- [INSTRUCTIONS FOR THE TASK] When you reproduce the data, keep every word exactly as it stands and leave the pictures out.
---*---
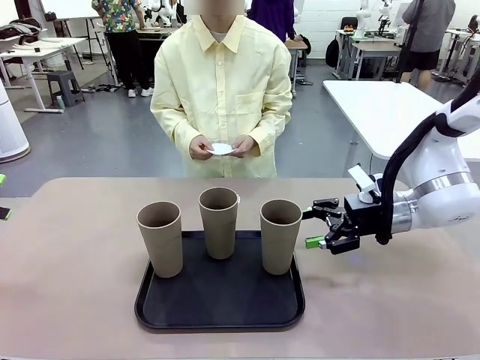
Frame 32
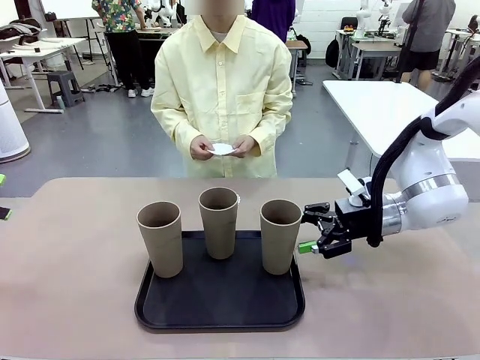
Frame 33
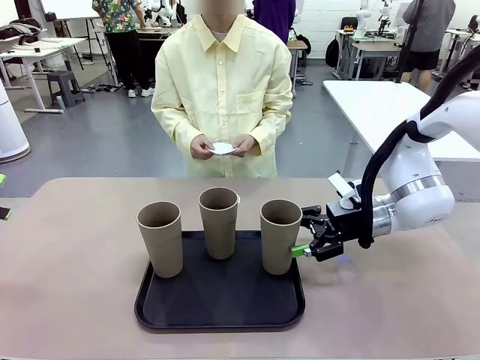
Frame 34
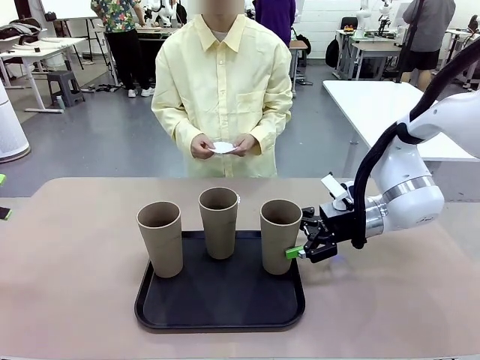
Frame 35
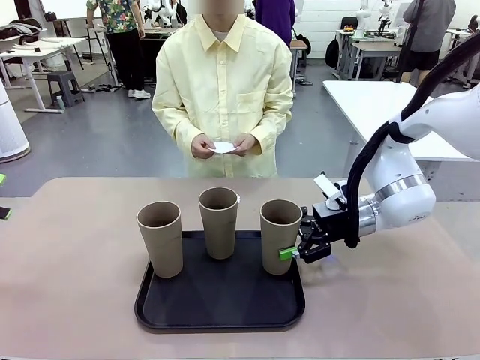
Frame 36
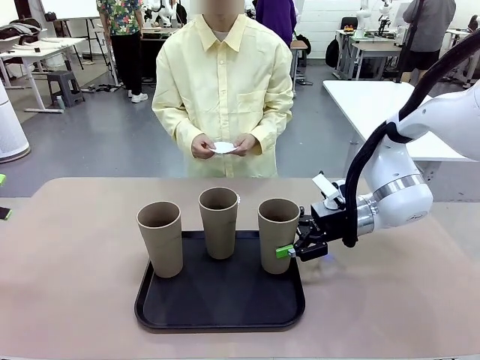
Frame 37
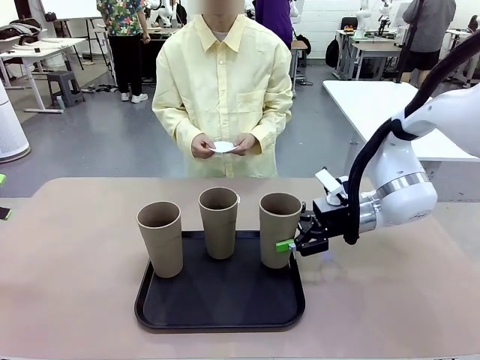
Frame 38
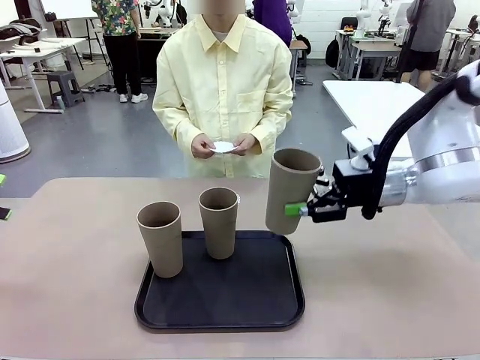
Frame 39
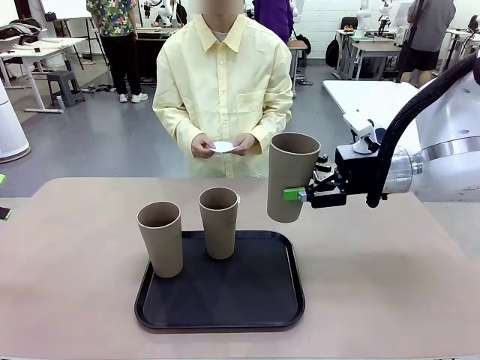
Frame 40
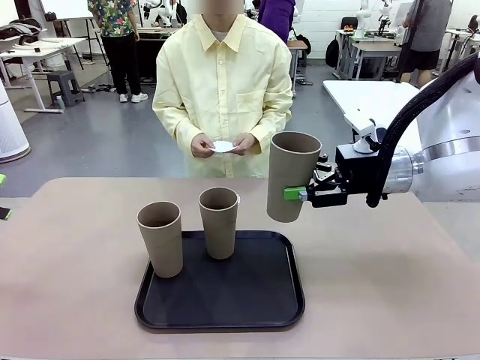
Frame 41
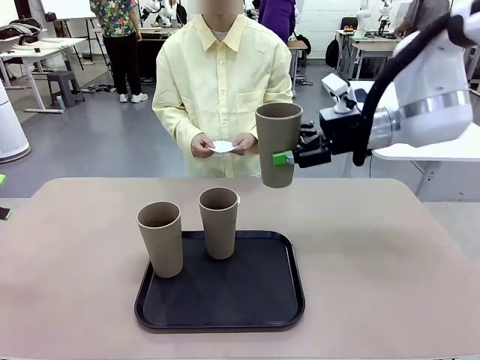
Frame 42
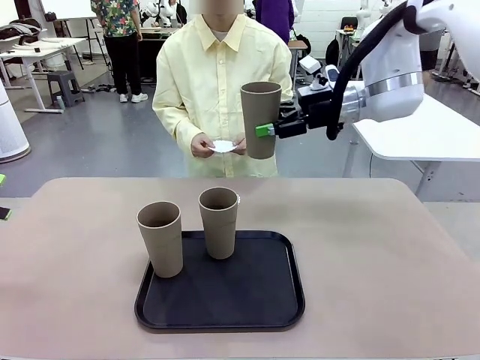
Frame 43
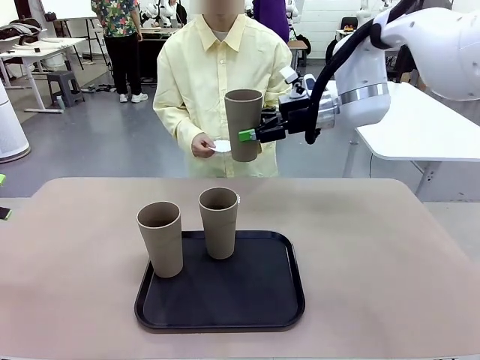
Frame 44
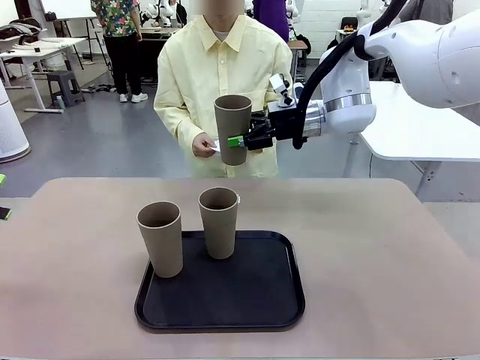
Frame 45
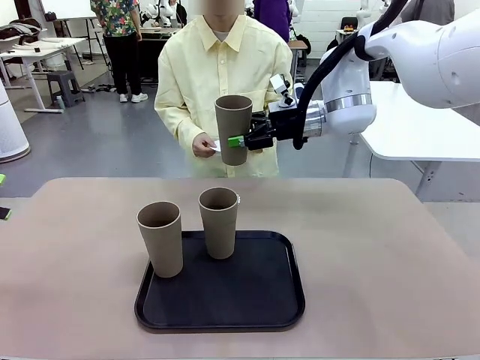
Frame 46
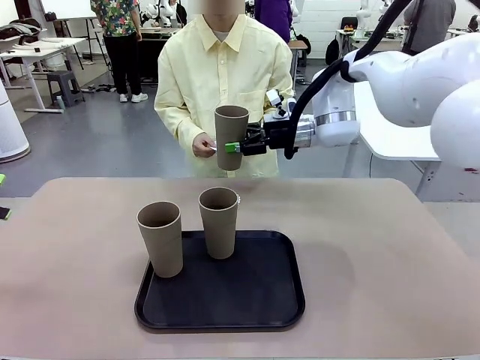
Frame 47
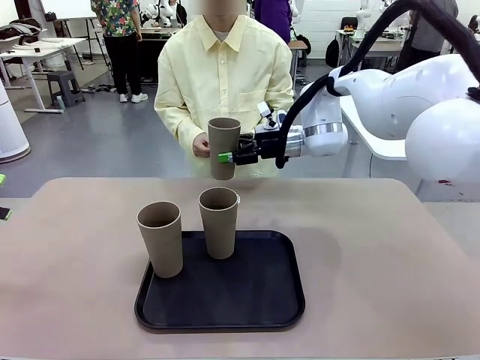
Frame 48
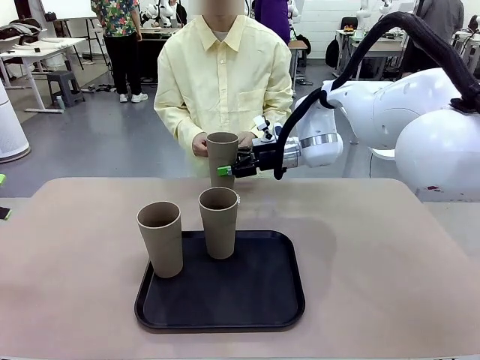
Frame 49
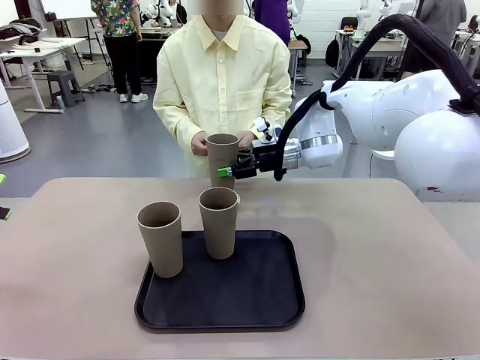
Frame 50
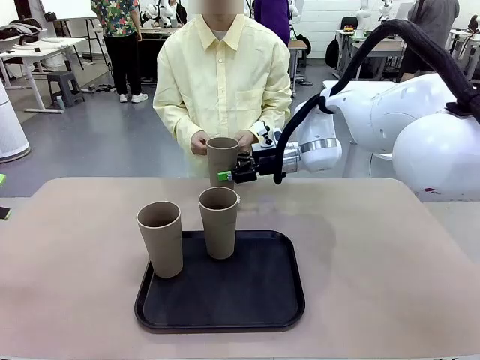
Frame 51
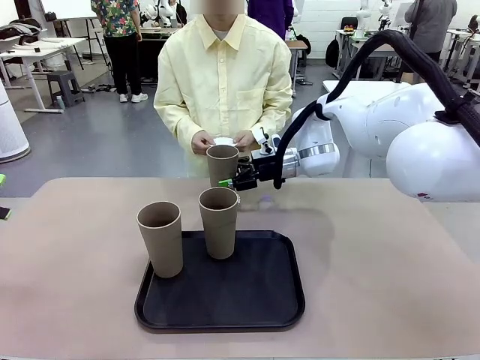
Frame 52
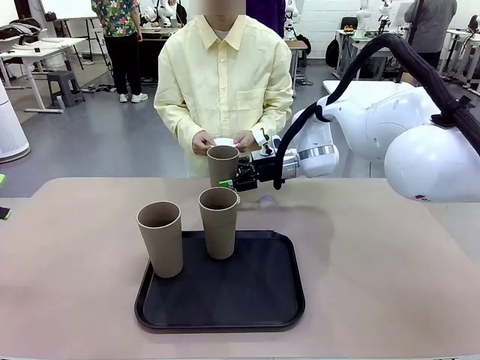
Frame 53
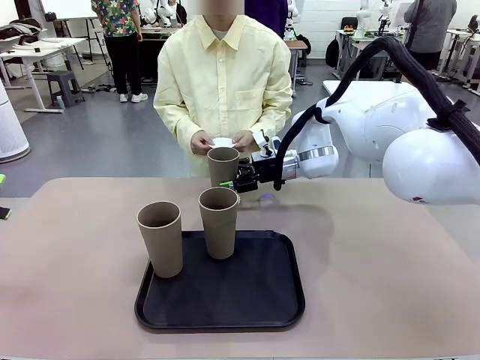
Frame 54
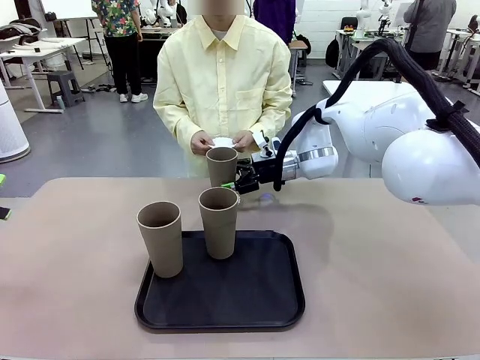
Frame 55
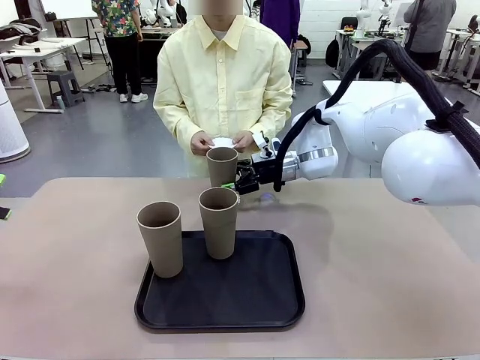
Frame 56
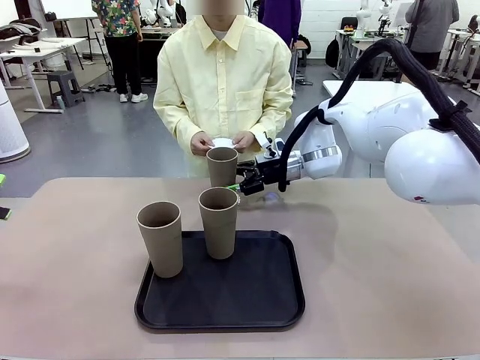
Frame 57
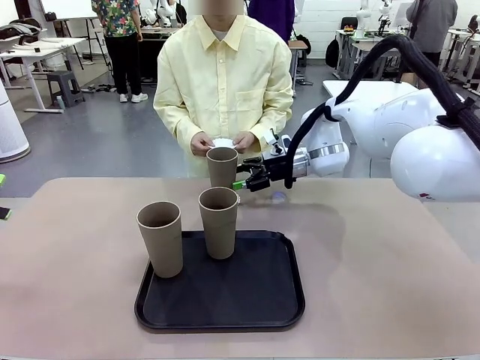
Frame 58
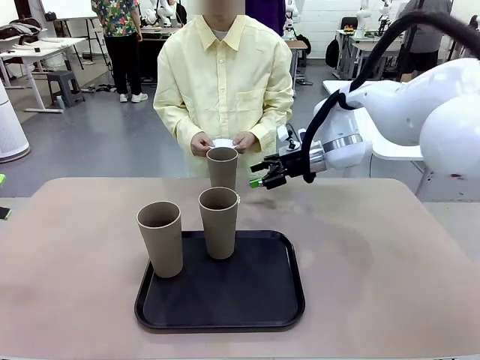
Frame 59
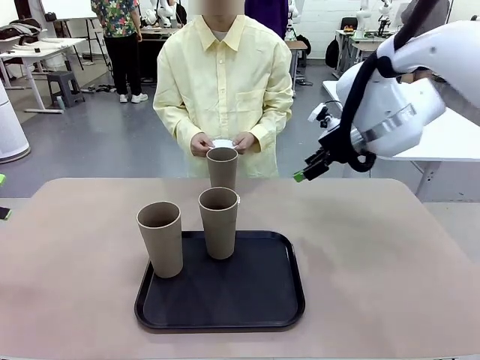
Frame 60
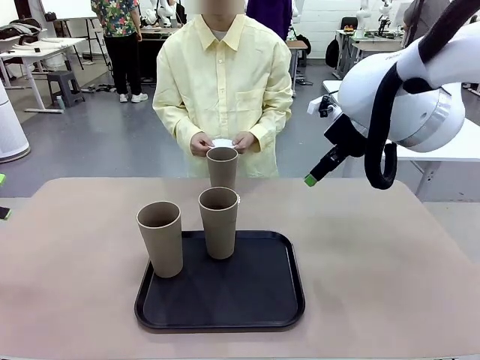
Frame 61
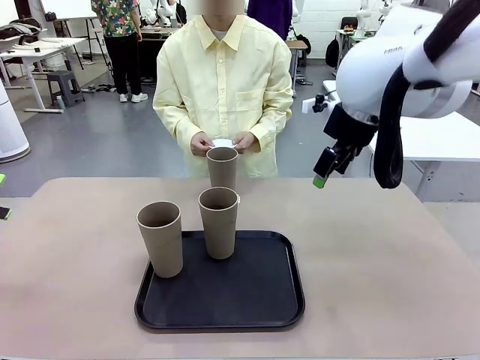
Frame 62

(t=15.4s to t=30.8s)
Task: Place coasters on the table and set cups on them.
Robot: Pick up one Reusable plastic cup and place it on a coaster set by the human.
Person: Place one coaster in one of the two areas excluding the previously selected area.
---*---
- [RESULT FOR THIS TASK]
Frame 32
Frame 33
Frame 34
Frame 35
Frame 36
Frame 37
Frame 38
Frame 39
Frame 40
Frame 41
Frame 42
Frame 43
Frame 44
Frame 45
Frame 46
Frame 47
Frame 48
Frame 49
Frame 50
Frame 51
Frame 52
Frame 53
Frame 54
Frame 55
Frame 56
Frame 57
Frame 58
Frame 59
Frame 60
Frame 61
Frame 62

(t=15.4s to t=30.8s)
Task: Place coasters on the table and set cups on them.
Robot: Pick up one Reusable plastic cup and place it on a coaster set by the human.
Person: Place one coaster in one of the two areas excluding the previously selected area.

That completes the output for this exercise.